To do
Set down the entries that follow exactly as written, leaving out any images.

Collected data

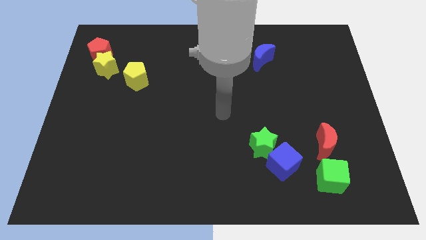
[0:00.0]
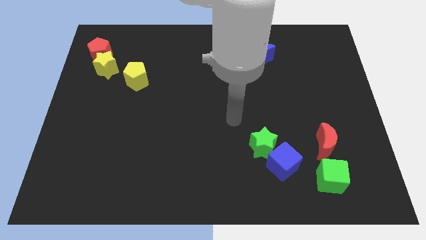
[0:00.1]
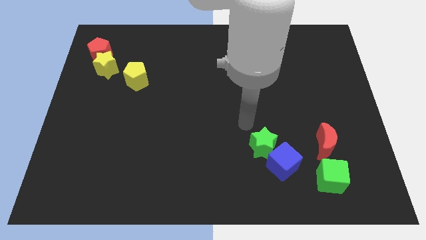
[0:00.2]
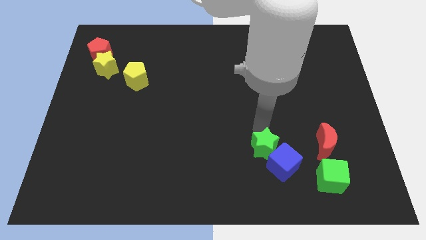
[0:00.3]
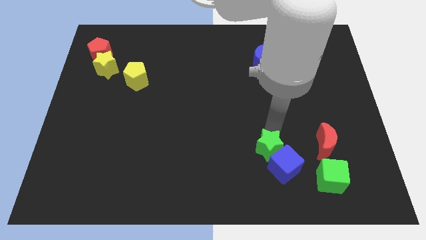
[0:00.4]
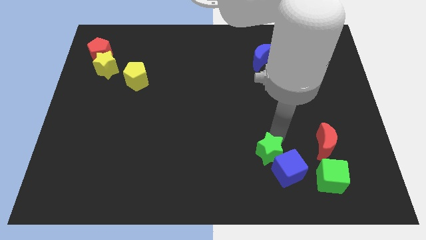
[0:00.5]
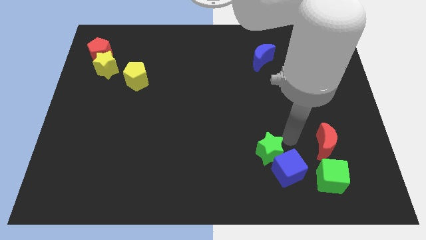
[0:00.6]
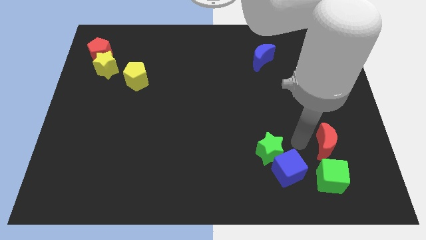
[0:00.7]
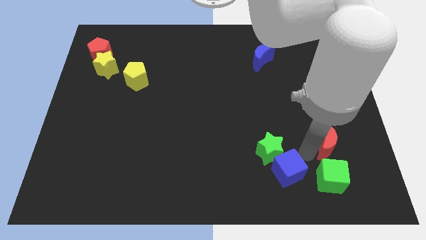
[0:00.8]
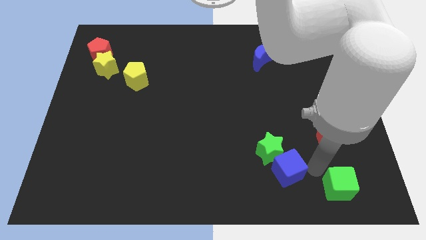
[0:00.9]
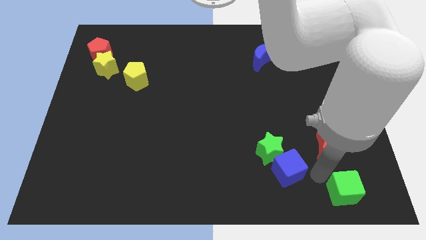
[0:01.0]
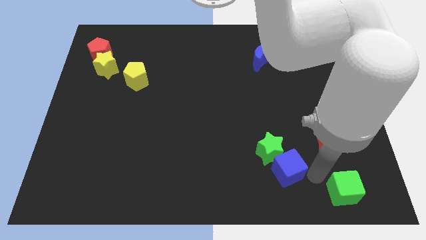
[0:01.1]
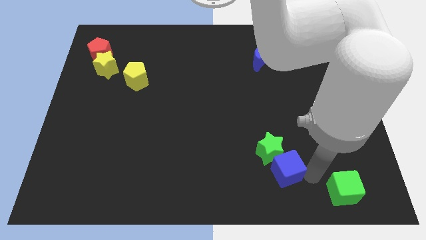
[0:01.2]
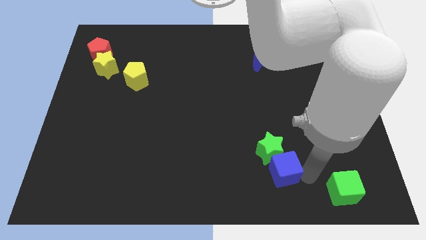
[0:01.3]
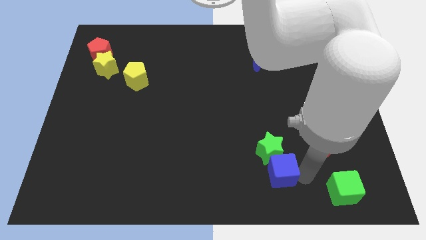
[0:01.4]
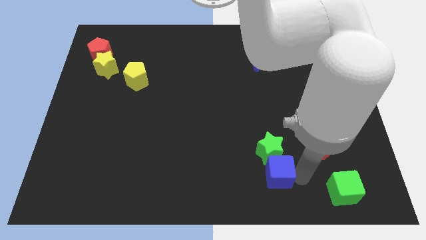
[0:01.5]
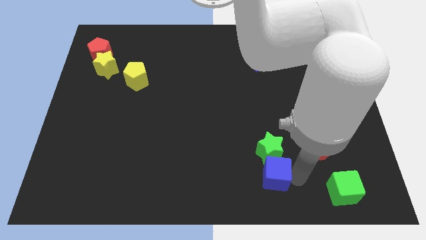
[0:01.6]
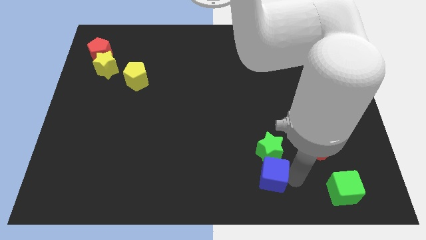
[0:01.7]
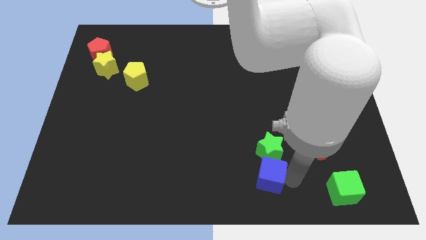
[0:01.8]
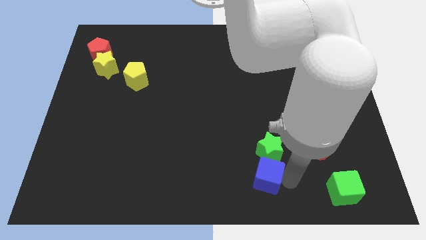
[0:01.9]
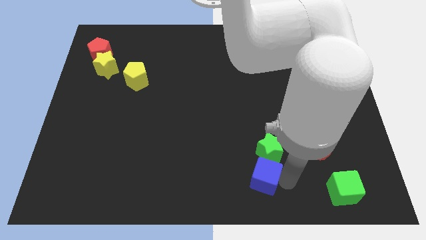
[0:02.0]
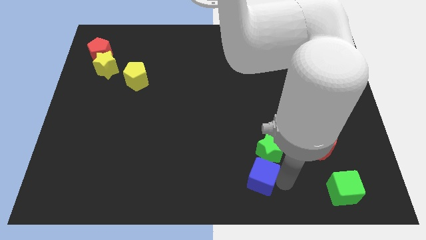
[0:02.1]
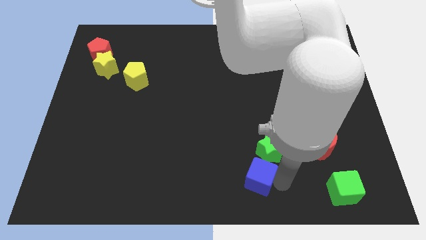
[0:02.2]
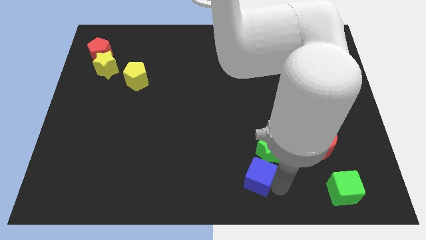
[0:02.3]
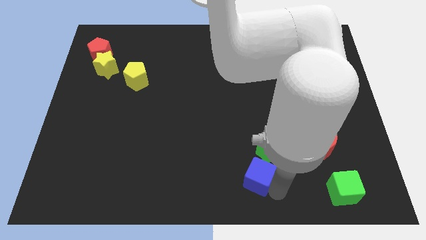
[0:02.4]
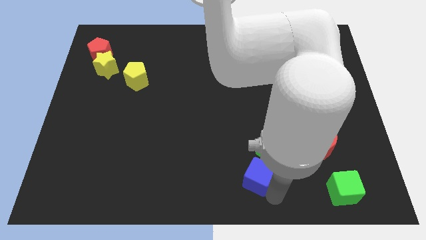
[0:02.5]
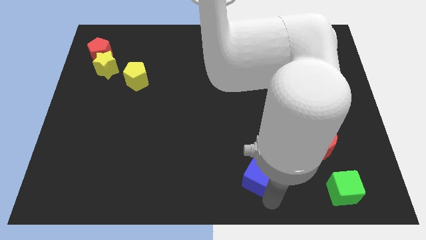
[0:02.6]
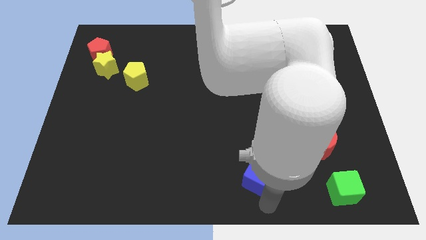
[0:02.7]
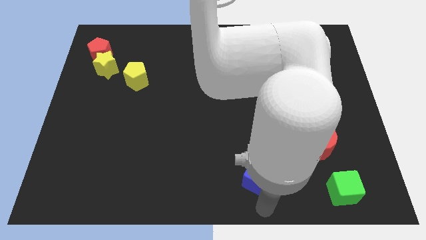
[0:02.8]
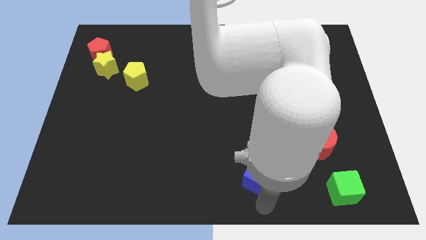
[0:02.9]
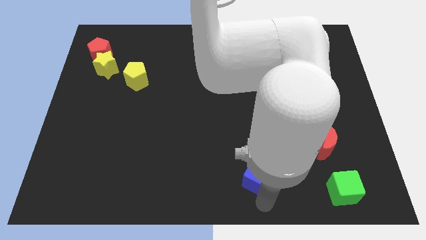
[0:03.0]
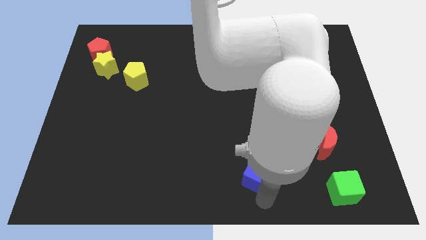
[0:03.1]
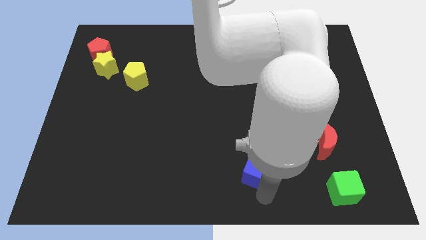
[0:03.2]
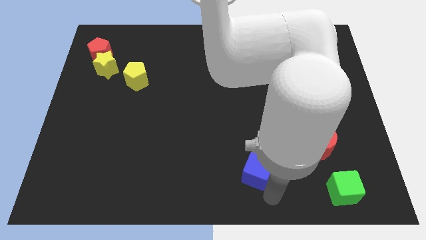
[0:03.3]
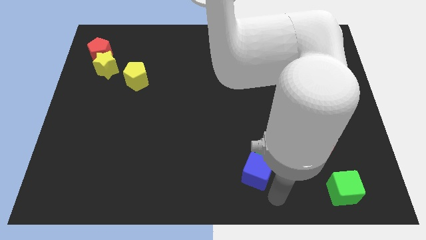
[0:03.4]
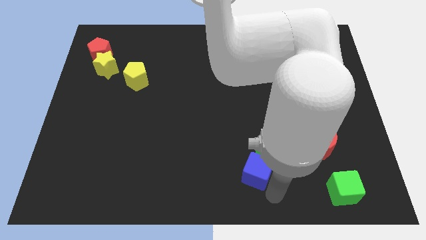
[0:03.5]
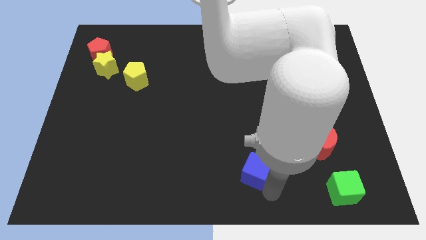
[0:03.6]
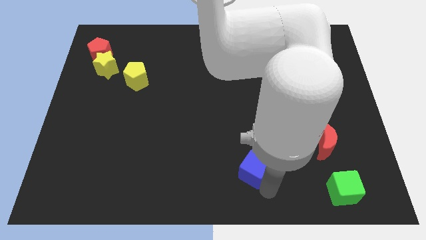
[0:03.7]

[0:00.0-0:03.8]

Exercise output
[0:00.0]
[0:00.1]
[0:00.2]
[0:00.3]
[0:00.4]
[0:00.5]
[0:00.6]
[0:00.7]
[0:00.8]
[0:00.9]
[0:01.0]
[0:01.1]
[0:01.2]
[0:01.3]
[0:01.4]
[0:01.5]
[0:01.6]
[0:01.7]
[0:01.8]
[0:01.9]
[0:02.0]
[0:02.1]
[0:02.2]
[0:02.3]
[0:02.4]
[0:02.5]
[0:02.6]
[0:02.7]
[0:02.8]
[0:02.9]
[0:03.0]
[0:03.1]
[0:03.2]
[0:03.3]
[0:03.4]
[0:03.5]
[0:03.6]
[0:03.7]

[0:00.0-0:03.8]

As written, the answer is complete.